Other Packet filter vs nftables & Netmap vs eBPF XDP & dpdk?

I am trying to understand the pros/cons, use cases, performance etc. for packet filter, nftables, Netmap, ebpf xdp and dpdk. I am having trouble finding comparisons and benchmarks, so I’m curious if anyone here has hands on experience with some or all of these technologies that can share their knowledge.

I’m thinking of these technologies in the context of serving large websites and protecting them, whether it be from a DDoS attack or something else (network layer, of course.)


Correct me if I’m wrong, but FreeBSD packet filter is directly comparable to Linux nftables. According to some outdated benchmarks I found, nftables and packet filter have similar performance, but packet filter seems to have better performance when there are hundreds of rules. Will probably depend on what the rules are, but still, they generally seem to be equivalents in terms of performance.

Again, correct me if I’m wrong, FreeBSD Netmap is directly comparable to Linux eBPF XDP. They’re both used for packet manipulation in userspace (right?) and Netmap is older and superior in terms of performance and of course licensing where as eBPF XDP is new and still experimental, though companies like cloudflare are using it in production for their services, so it’s stable enoughhhhh…

And then DPDK. It works on Linux and FreeBSD. It allows users to run code directly on the network adapter hardware, which makes it the most efficient out of all of them, except it seems to be slightly limited in terms of functionality and is usually overkill, as Netmap/XDP do things efficiently enough and would be able to handle most things. (If you’re experiencing a DDoS, you can block with DPDK, but regardless, if your network ports are filled up, let’s say a 10Gbps port, whether you use dpdk or Netmap, people wont be able to access the server if the port is filled, right? Unless maybe the attack is millions of small packets per second, then maybe dpdk could handle with less stress?)

Anyways, sorry for any weird formatting (I’m on my phone right now) but I’d love to know more about these technologies.
 
Cloudflare is not the answer to whatever question, nor a solution, it's a whole plethora of problems by itself so just say no to it. And firewalls with hundreds of rules - yikes, ugly, error prone, debugging hell, shouldn't happen.

Aside that you should first name the problem(s) you want to solve in a quick manner, this would help understanding you a lot better when giving you answers.
 
Cloudflare is not the answer to whatever question, nor a solution, it's a whole plethora of problems by itself so just say no to it. And firewalls with hundreds of rules - yikes, ugly, error prone, debugging hell, shouldn't happen.

Aside that you should first name the problem(s) you want to solve in a quick manner, this would help understanding you a lot better when giving you answers.
I agree, cloudflare is a mess. I was really curious if a company could build a robust content delivery network with good network layer anti-DDoS protection with FreeBSD’s netmap, or if that would be the wrong tool. If it would work, then I can’t imagine why cdns aren’t using FreeBSD.

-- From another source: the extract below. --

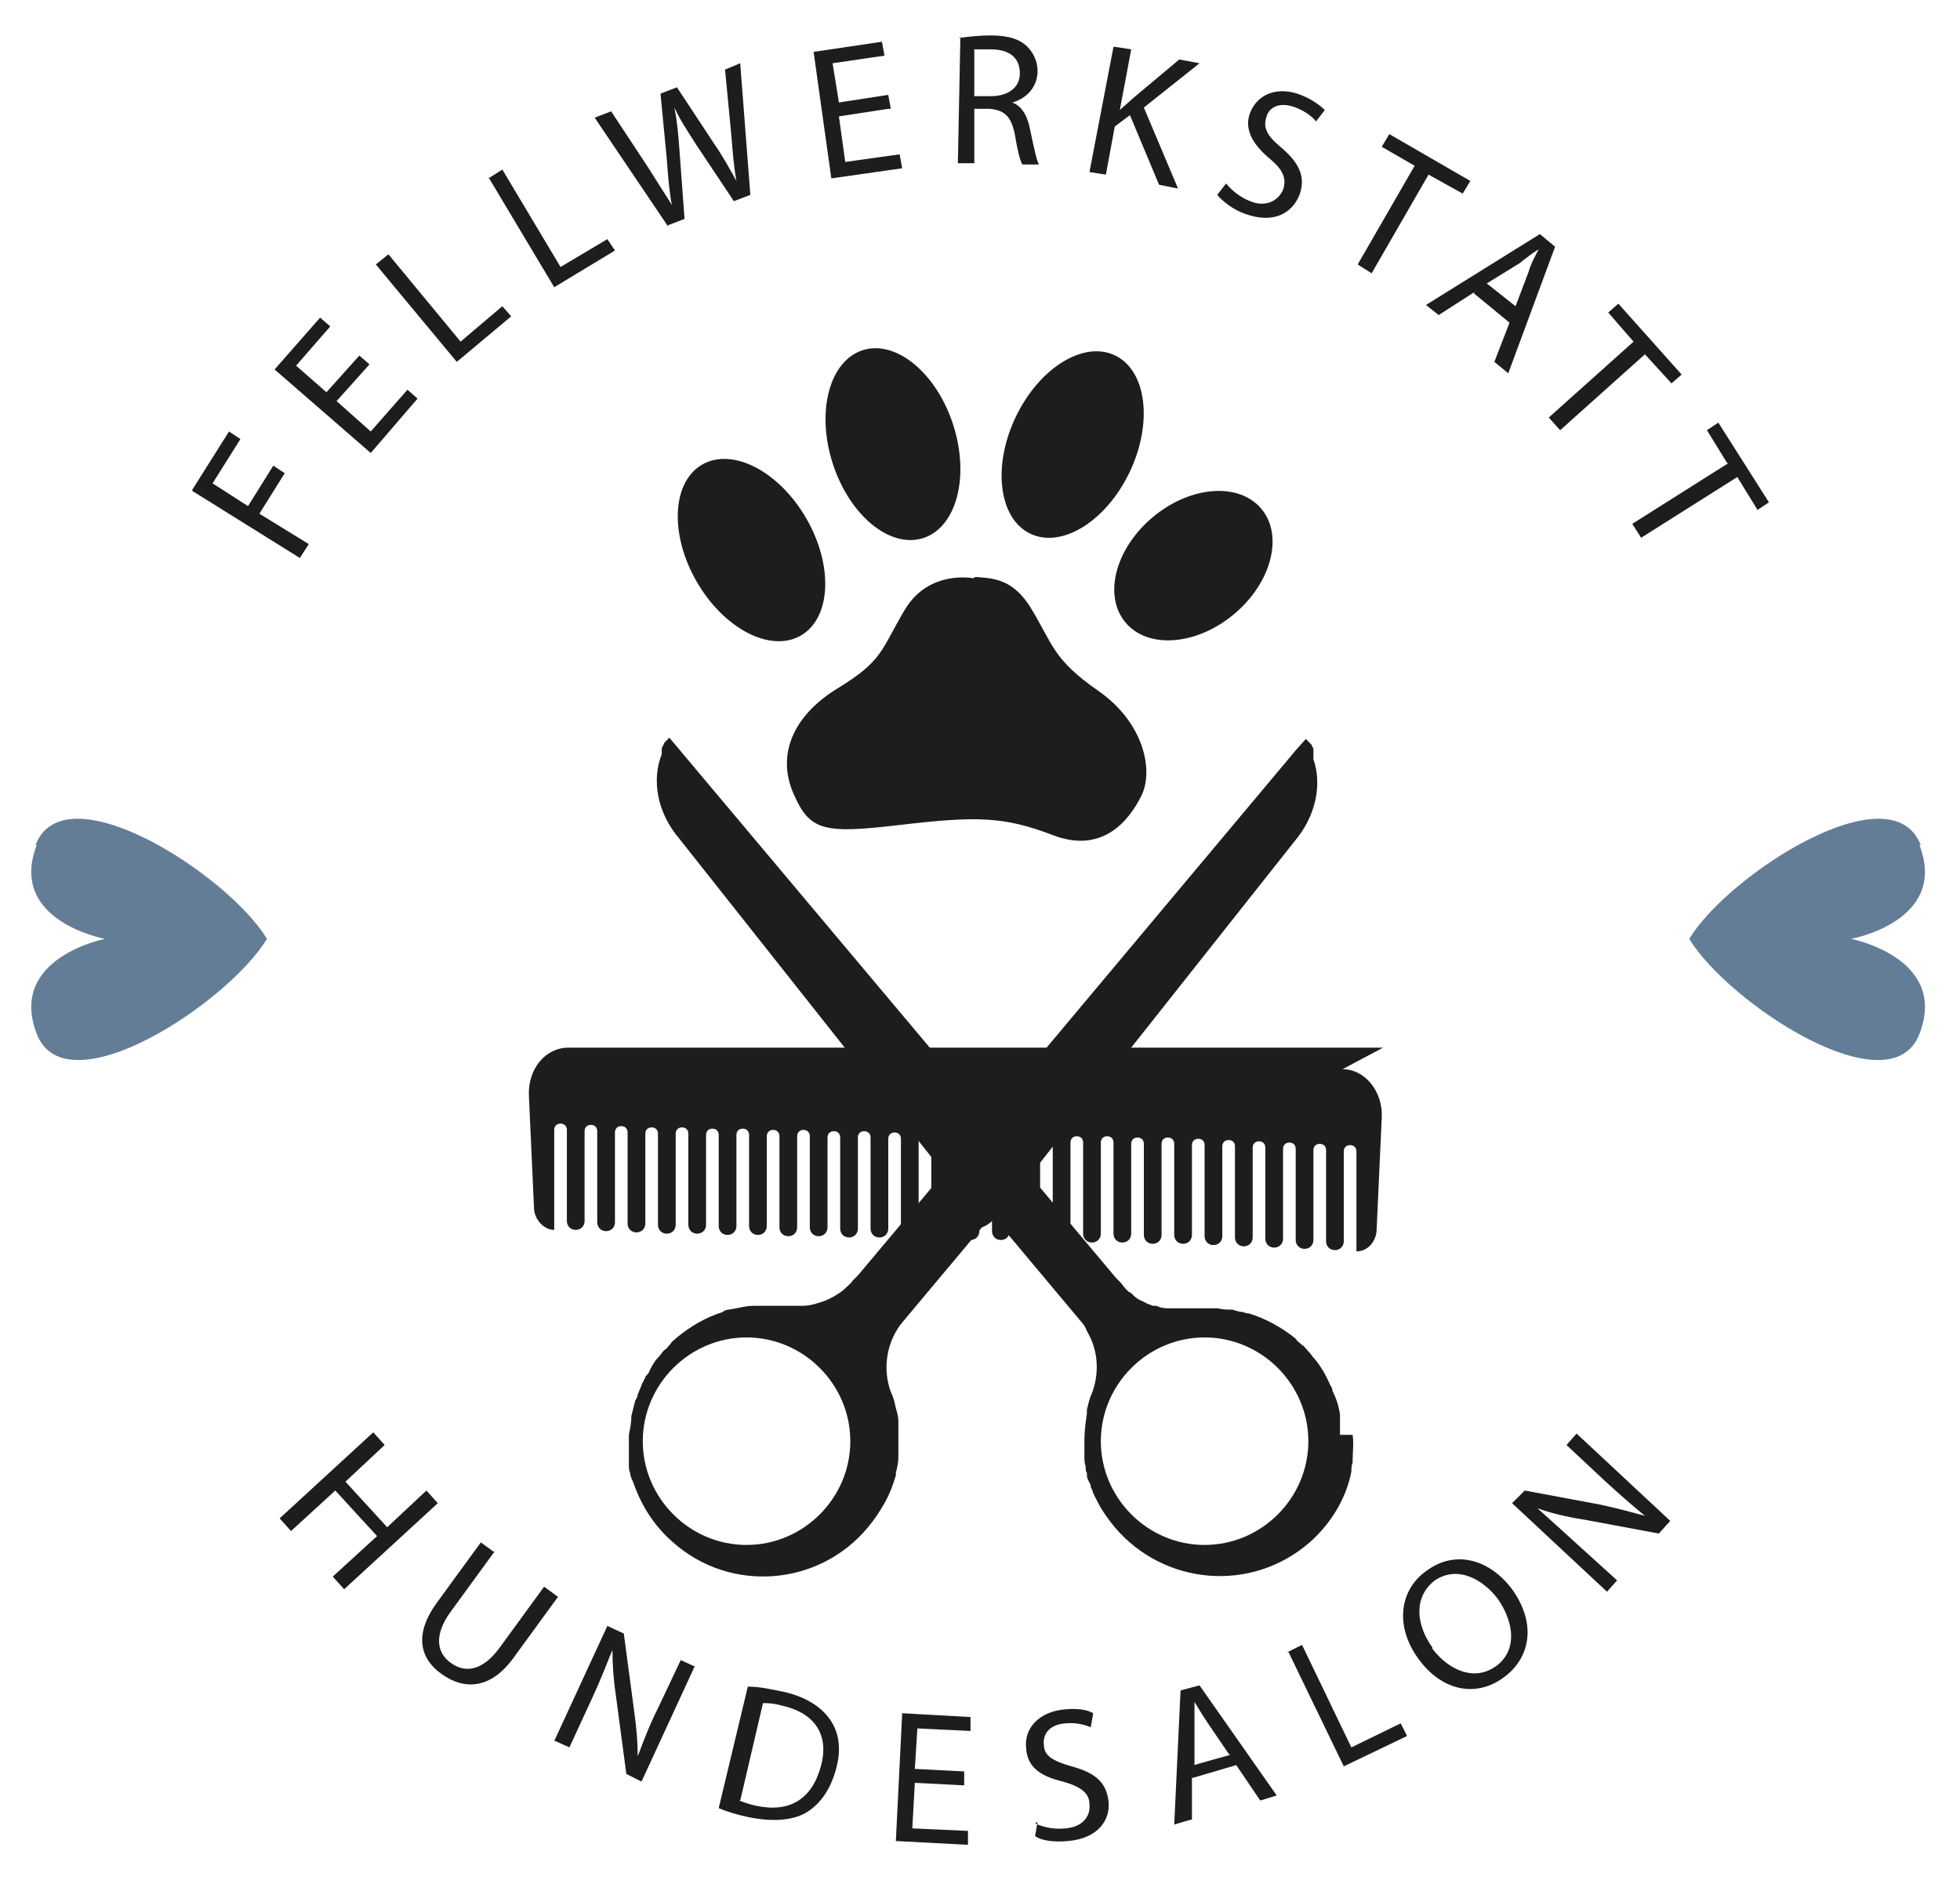 <svg xmlns="http://www.w3.org/2000/svg" viewBox="0 0 154.9 148.6"><defs><style>.st1{fill:#1d1d1b}</style></defs><path class="st1" d="m15.2 38.7 2.9-4.6.9.6-2.2 3.5 2.8 1.8 2-3.2.9.6-2 3.2 3.9 2.4-.7 1.1-8.5-5.3Zm14-9.9-2.6 2.9 2.7 2.4 2.9-3.3.8.7-3.7 4.3-7.6-6.6 3.6-4.1.8.7-2.7 3.1 2.4 2.1 2.6-2.9.8.7Zm.5-7.9 1-.8 5.7 6.9 3.3-2.8.7.8-4.3 3.6-6.4-7.7Zm8.9-6.8 1.1-.7 4.6 7.7 3.7-2.2.6.9-4.8 2.9-5.2-8.7Zm14.2 3.8L47 9.3l1.3-.5 2.9 4.4c.7 1.1 1.4 2.2 1.9 3-.2-1-.3-2.2-.4-3.6l-.5-5.2 1.3-.5 2.9 4.4c.7 1 1.3 2.1 1.8 3-.2-1.1-.3-2.3-.4-3.6l-.5-5.2 1.2-.5.8 10.4-1.3.5-3-4.5c-.7-1.1-1.3-2-1.7-2.9.2 1 .3 2 .4 3.4l.4 5.4-1.3.5Zm17.4-9.3-3.9.6.5 3.6 4.3-.6.2 1.1-5.6.8-1.4-10 5.4-.8.2 1.1-4.1.6.5 3.1 3.9-.6.2 1.1ZM75.8 3c.7-.1 1.6-.2 2.5-.2 1.4 0 2.3.3 2.9.9.5.5.8 1.2.8 1.9 0 1.3-.9 2.2-2 2.5.8.3 1.2 1.1 1.4 2.1.3 1.4.5 2.4.7 2.8h-1.3c-.2-.3-.4-1.2-.6-2.4-.3-1.4-.8-1.9-2-2H77v4.3h-1.3l.2-10ZM77 7.6h1.3c1.4 0 2.3-.7 2.3-1.8 0-1.3-.9-1.9-2.3-1.9H77v3.7Zm11.1-3.9 1.3.2-.9 4.8c.3-.3.7-.6 1-.9l3.7-3.1 1.6.3-4.4 3.5 2.7 6.4-1.5-.3-2.3-5.5-1.2.9-.7 3.8-1.3-.2L88 3.7Zm8.8 10.8c.4.5 1.1 1.1 1.9 1.4 1.2.5 2.2 0 2.6-.9.3-.9 0-1.6-1.1-2.5-1.3-1.1-2-2.3-1.5-3.6.6-1.5 2.2-2.1 4-1.4 1 .4 1.6.9 1.9 1.2l-.7.9c-.2-.3-.8-.8-1.6-1.1-1.3-.5-2.1 0-2.3.7-.3.9 0 1.5 1.2 2.5 1.4 1.2 1.9 2.3 1.4 3.7-.6 1.5-2.1 2.3-4.3 1.5-.9-.3-1.8-1-2.2-1.5l.7-.9Zm14.9-1.4-2.6-1.5.6-1 6.4 3.7-.6 1-2.7-1.5-4.5 7.8-1.1-.7 4.5-7.8Zm4.7 10-2.8 1.8-1-.8 9-5.6 1.2 1-3.7 10-1.1-.9 1.2-3.1-2.8-2.3Zm3.2 1.3 1.1-2.9c.2-.7.5-1.2.8-1.8-.5.3-1 .7-1.5 1.1l-2.6 1.6 2.4 1.9Zm9.4 2.6-2-2.3.8-.7 5 5.6-.8.7L130 28l-6.7 6-.9-1 6.7-6Zm7.4 9.6-1.6-2.6.9-.6 4 6.3-.9.6-1.6-2.6-7.6 4.8-.7-1.1 7.6-4.8ZM30.4 114.2l-3.1 2.9 3.3 3.6 3.1-2.9.9 1-7.4 6.8-.9-1 3.5-3.2-3.3-3.6L23 121l-.9-1 7.4-6.8.9 1Zm8.7 8.4-3.5 4.8c-1.3 1.8-1.1 3.2 0 4 1.2.9 2.6.6 3.9-1.2l3.5-4.8 1.1.8-3.5 4.8c-1.8 2.5-3.9 2.6-5.7 1.3-1.7-1.2-2.2-3.1-.4-5.6l3.5-4.8 1.1.8Zm4.7 15 4.2-9.1 1.3.6.8 6c.2 1.4.3 2.6.3 3.7.5-1.3.9-2.4 1.6-3.8l1.8-3.8 1.1.5-4.2 9.1-1.2-.6-.8-6c-.2-1.3-.3-2.6-.3-3.8-.5 1.2-.9 2.3-1.6 3.8l-1.8 3.9-1.1-.5Zm15.4-4.3c.8 0 1.7.2 2.7.4 1.8.4 3 1.2 3.7 2.2.7 1 .9 2.3.5 3.8-.4 1.6-1.2 2.8-2.3 3.5-1.1.7-2.8.8-4.7.4-.9-.2-1.6-.4-2.3-.7l2.3-9.6Zm-.8 9c.3.1.8.3 1.3.4 2.7.6 4.5-.5 5.2-3.2.6-2.3-.4-4.1-3.1-4.7-.7-.2-1.2-.2-1.5-.2l-1.8 7.7Zm17.8-1.2-3.9-.2-.2 3.6 4.4.2v1.1l-5.7-.3.5-10.1 5.4.3v1.1l-4.2-.2-.2 3.2 3.9.2v1.1Zm5.6 3c.6.3 1.5.5 2.4.4 1.3-.1 2-.9 1.9-1.9 0-.9-.7-1.4-2.1-1.8-1.7-.4-2.8-1.1-2.9-2.6-.2-1.6 1-2.9 3-3.1 1-.1 1.8 0 2.3.3l-.2 1.1c-.3-.1-1-.4-2-.3-1.4.1-1.8 1-1.7 1.7 0 .9.8 1.3 2.2 1.7 1.8.5 2.7 1.2 2.9 2.7.2 1.5-.8 3-3.2 3.2-1 .1-2.1 0-2.6-.4l.2-1.1Zm12.4-3.6v3.3c-.1 0-1.4.4-1.4.4l.5-10.6 1.5-.4 6.1 8.7-1.3.4-1.9-2.8-3.4 1Zm2.9-1.9-1.7-2.5c-.4-.6-.7-1.1-1-1.6v5c-.1 0 2.8-.8 2.8-.8Zm4.6-8 1.2-.6 3.9 8.1 3.9-1.9.5 1-5 2.4-4.4-9.1Zm17.8-5c2 2.8 1.4 5.5-.7 7-2.2 1.6-4.9 1-6.7-1.5-1.9-2.6-1.5-5.5.7-7 2.2-1.6 4.9-.9 6.7 1.5Zm-6.3 4.7c1.3 1.7 3.3 2.6 5 1.4 1.7-1.2 1.5-3.4.2-5.3-1.2-1.6-3.2-2.7-5-1.5-1.7 1.3-1.5 3.5-.2 5.3Zm13.7-4.6-7.4-6.9 1-1 5.9 1.1c1.4.3 2.5.6 3.6.9-1.1-.9-2-1.7-3.1-2.7l-3.1-2.9.8-.9 7.4 6.9-.9 1-5.9-1.1c-1.3-.2-2.6-.5-3.7-.9 1 .9 1.9 1.7 3.1 2.8l3.2 2.9-.8.9Z"/><path d="M2.9 66.8c-2.3 6 5.4 7.4 5.4 7.4s-7.7 1.5-5.4 7.5 15.1-2.4 18.2-7.5c-3.1-5.1-16-13.4-18.3-7.4Zm148.8 0c2.3 6-5.4 7.4-5.4 7.4s7.7 1.5 5.4 7.5-15.1-2.4-18.2-7.5c3.1-5.1 16-13.4 18.3-7.4Z" style="fill:#637d96"/><ellipse class="st1" cx="59.4" cy="43.5" rx="5" ry="7.8" transform="rotate(-30 59.344 43.501)"/><ellipse class="st1" cx="70.6" cy="35.1" rx="5" ry="7.8" transform="rotate(-17.9 70.59 35.194)"/><ellipse class="st1" cx="84.8" cy="35.1" rx="7.8" ry="5" transform="rotate(-64.7 84.814 35.138)"/><ellipse class="st1" cx="94.3" cy="44.7" rx="7" ry="5" transform="rotate(-39.9 94.313 44.68)"/><path class="st1" d="M76.9 45.7s-3.5-.7-5.4 2.5-1.7 4-5.3 6.2-4.8 5.3-3.5 8.3 2.4 3.2 8.4 2.5 8.2-.7 12.1.8 6-1.1 7-3.1.2-5.8-3.4-8.3c-3.6-2.5-3.6-3.7-5.3-6.5-1.4-2.3-2.9-2.4-4.4-2.5Zm32.4 37.1H44.9c-1.8 0-3.2 1.7-3.1 3.8l.4 8.8c0 1 .8 1.8 1.6 1.8v-7.9c0-.3.2-.5.5-.5s.5.2.5.5v7.2c0 .4.3.7.7.7.4 0 .7-.3.7-.7v-7.1c0-.3.2-.5.5-.5s.5.2.5.5v7.2c0 .4.3.7.7.7.4 0 .7-.3.7-.7v-7.1c0-.3.2-.5.5-.5s.5.2.5.5v7.2c0 .4.3.7.7.7.4 0 .7-.3.7-.7v-7.1c0-.3.2-.5.5-.5s.5.2.5.5v7.2c0 .4.3.7.7.7.4 0 .7-.3.7-.7v-7.2c0-.3.2-.5.5-.5s.5.2.5.5v7.2c0 .4.3.7.7.7.4 0 .7-.3.7-.7v-7.1c0-.3.2-.5.5-.5s.5.2.5.5v7.2c0 .4.3.7.7.7.4 0 .7-.3.7-.7v-7.2c0-.3.2-.5.5-.5s.5.2.5.5v7.2c0 .4.3.7.7.7.4 0 .7-.3.7-.7v-7.1c0-.3.2-.5.5-.5s.5.2.5.5V97c0 .4.3.7.7.7.4 0 .7-.3.7-.7v-7.2c0-.3.2-.5.5-.5s.5.2.5.5V97c0 .4.3.7.7.7.4 0 .7-.3.7-.7v-7.1c0-.3.2-.5.5-.5s.5.2.5.5v7.2c0 .4.3.7.7.7.4 0 .7-.3.7-.7v-7.2c0-.3.2-.5.5-.5s.5.2.5.5v7.2c0 .4.3.7.7.7.4 0 .7-.3.7-.7V90c0-.3.2-.5.5-.5s.5.2.5.5v7.2c0 .4.3.7.7.7.4 0 .7-.3.7-.7V90c0-.3.2-.5.5-.5s.5.2.5.5v7.2c0 .4.3.7.7.7.4 0 .7-.3.7-.7v-7.1c0-.3.2-.5.5-.5s.5.2.5.5v7.2c0 .4.3.7.7.7.4 0 .7-.3.7-.7v-7.2c0-.3.2-.5.5-.5s.5.2.5.5v7.2c0 .4.3.7.7.7.4 0 .7-.3.7-.7v-7.1c0-.3.2-.5.5-.5s.5.2.5.5v7.2c0 .4.3.7.7.7.4 0 .7-.3.7-.7v-7.2c0-.3.2-.5.5-.5s.5.2.5.5v7.2c0 .4.3.7.7.7.4 0 .7-.3.7-.7v-7.1c0-.3.2-.5.5-.5s.5.2.5.5v7.2c0 .4.3.7.7.7.4 0 .7-.3.7-.7v-7.2c0-.3.2-.5.5-.5s.5.2.5.5v7.2c0 .4.3.7.7.7.4 0 .7-.3.7-.7v-7.1c0-.3.2-.5.5-.5s.5.2.5.5v7.2c0 .4.3.7.7.7.4 0 .7-.3.7-.7v-7.2c0-.3.2-.5.5-.5s.5.2.5.5v7.2c0 .4.3.7.7.7.4 0 .7-.3.7-.7v-7.1c0-.3.2-.5.5-.5s.5.2.5.5v7.2c0 .4.3.7.7.7.4 0 .7-.3.7-.7v-7.1c0-.3.2-.5.5-.5s.5.2.5.5v7.2c0 .4.3.7.7.7.4 0 .7-.3.7-.7v-7.1c0-.3.2-.5.5-.5s.5.2.5.5v7.2c0 .4.3.7.7.7.4 0 .7-.3.7-.7v-7.1c0-.3.2-.5.5-.5s.5.2.5.5V98c0 .4.3.7.7.7.4 0 .7-.3.7-.7v-7.1c0-.3.2-.5.5-.5s.5.2.5.5v7.2c0 .4.3.7.7.7.4 0 .7-.3.7-.7V91c0-.3.2-.5.5-.5s.5.2.5.5v7.9c.9 0 1.6-.8 1.6-1.8l.4-8.8c.1-2-1.3-3.8-3.1-3.8Z"/><path class="st1" d="M105.9 113.4v-1.6c-.1-.7-.3-1.3-.6-1.9 0-.2-.1-.3-.2-.5-.3-.7-.7-1.4-1.2-2-.2-.2-.3-.4-.5-.6-.2-.2-.3-.4-.5-.5-.2-.2-.4-.3-.5-.5-1.1-.9-2.4-1.6-3.7-2-.1 0-.3 0-.4-.1-.3 0-.6-.1-.9-.2h-.1c-.3 0-.7 0-1-.1h-3.8c-.4 0-.7 0-1.1-.2h-.2c-.1 0-.2 0-.3-.1-.2 0-.4-.2-.7-.3-.2-.1-.4-.2-.6-.4l-.1-.1s-.2-.2-.3-.2c-.2-.2-.4-.4-.6-.7l-.4-.4-6.8-8.1 20.9-26.4c1.7-2 2.2-4.5 1.5-6.5v-.8s0-.1-.1-.2c0 0 0-.1-.1-.2l-.2-.2-.2-.2-.8.9-24.3 29-.5-.6-24.7-29.4-.2.2-.2.2s0 .1-.1.2c0 0 0 .1-.1.2v.5c-.8 2-.4 4.6 1.4 6.7l20.9 26.4-6.8 8.1-.4.4c-.2.3-.5.5-.8.8-.4.3-.9.6-1.4.8-.6.2-1.1.4-1.8.4h-3.8c-.7 0-1.3.2-2 .3-.2 0-.4.1-.5.2-1.3.4-2.5 1.1-3.6 2-.2.2-.4.3-.5.5-.2.2-.3.4-.5.5-.2.2-.3.4-.5.6-.3.3-.5.7-.7 1.1 0 .1-.2.3-.3.4 0 0 0 .2-.1.2 0 .2-.2.3-.2.5-.1.2-.2.5-.3.7 0 .2-.1.3-.2.5l-.3 1.2c0 .5-.1 1-.2 1.5v2.4c0 .2 0 .4.1.6 0 .3.2.6.3.9.6 1.7 1.6 3.3 3.1 4.6 4.5 4 11.5 3.5 15.4-1.2.5-.6.9-1.2 1.3-1.9s.7-1.5.9-2.2v-.2c.1-.4.2-.8.2-1.3v-2.8c0-.3-.1-.7-.2-1-.1-.5-.2-.9-.4-1.3-.7-1.9-.3-4.1 1-5.6l6.2-7.4c.3-.1.6-.3.8-.5.3.2.6.3.8.5l6.2 7.4c.2.2.4.5.5.8.9 1.5 1 3.3.4 4.9-.2.4-.3.9-.4 1.3v.3c-.1.7-.2 1.4-.2 2.1v1.3c0 .3 0 .5.1.8 0 .2 0 .4.1.5v.2c0 .3.2.5.3.8 0 .1 0 .2.1.3.1.4.3.7.5 1.1.3.6.8 1.3 1.3 1.9 3.9 4.6 10.8 5.2 15.4 1.2 1.7-1.5 2.9-3.5 3.3-5.6 0-.2 0-.5.1-.7v-.2c0-.7.1-1.3 0-2ZM59 122.1c-4.5 0-8.2-3.7-8.2-8.2s3.7-8.2 8.2-8.2 8.2 3.7 8.2 8.2-3.7 8.2-8.2 8.2Zm36.2 0c-4.5 0-8.2-3.7-8.2-8.2s3.7-8.2 8.2-8.2 8.2 3.7 8.2 8.2-3.7 8.2-8.2 8.2Z"/></svg>

According to Netflix, content caching is best done with nginx on FreeBSD, but it only really works if you offload TLS to hardware, use sendfile (2?) bbr (2?) and other enhancements, and that seems to be for large video segments sent over http/1.1 TLS connections, not your average web content.

I feel like a FreeBSD server running a netmap firewall program and haproxy that load balances to backend caches would work. I’m trying to benchmark different setups like haproxy -> squid, nginx, nginx -> nginx etc. but it’s super complicated because there is absolutely positively no information whatsoever about any technicalities for FreeBSD, Squid, HAProxy and nginx. Like I don’t know if using zfs makes a difference, I don’t know if sendfile exists for software other than nginx, whether or not bbr actually works properly on FreeBSD, if aio is helping or hurting any setups etc. Netflix says aio is bad for nginx but you only get these snippets from companies that reveal a single detail about their infrastructure but nothing else.
 
When you're on the butt end of a DDoS, no amount of firewalling on the receiving host is going to help you. Your upstream connection will be completely saturated. It's like a funnel that's overflowing because there's more going in than can flow out of the bottom.
 
When you're on the butt end of a DDoS, no amount of firewalling on the receiving host is going to help you. Your upstream connection will be completely saturated. It's like a funnel that's overflowing because there's more going in than can flow out of the bottom.
Yes, but sometimes DDoS attacks target the firewalls efficiency rather than simply contesting ports. Attacks that send millions of small packets per second might not fill a port, but instead exhaust the firewall.

I assume most DDoS/DoS attacks come from hosting providers. If OVH Canada is attacking Oracle Ashburn, and OVH uses AT&T for connectivity, only traffic coming through AT&T to Oracle Ashburn should be affected. It probably depends on where in the stack Oracle is blocking traffic at and whether or not their firewalls can handle millions of small packets or many oversized packets.

I am not really sure what mixture upstream/downstream/peering setups have on this though.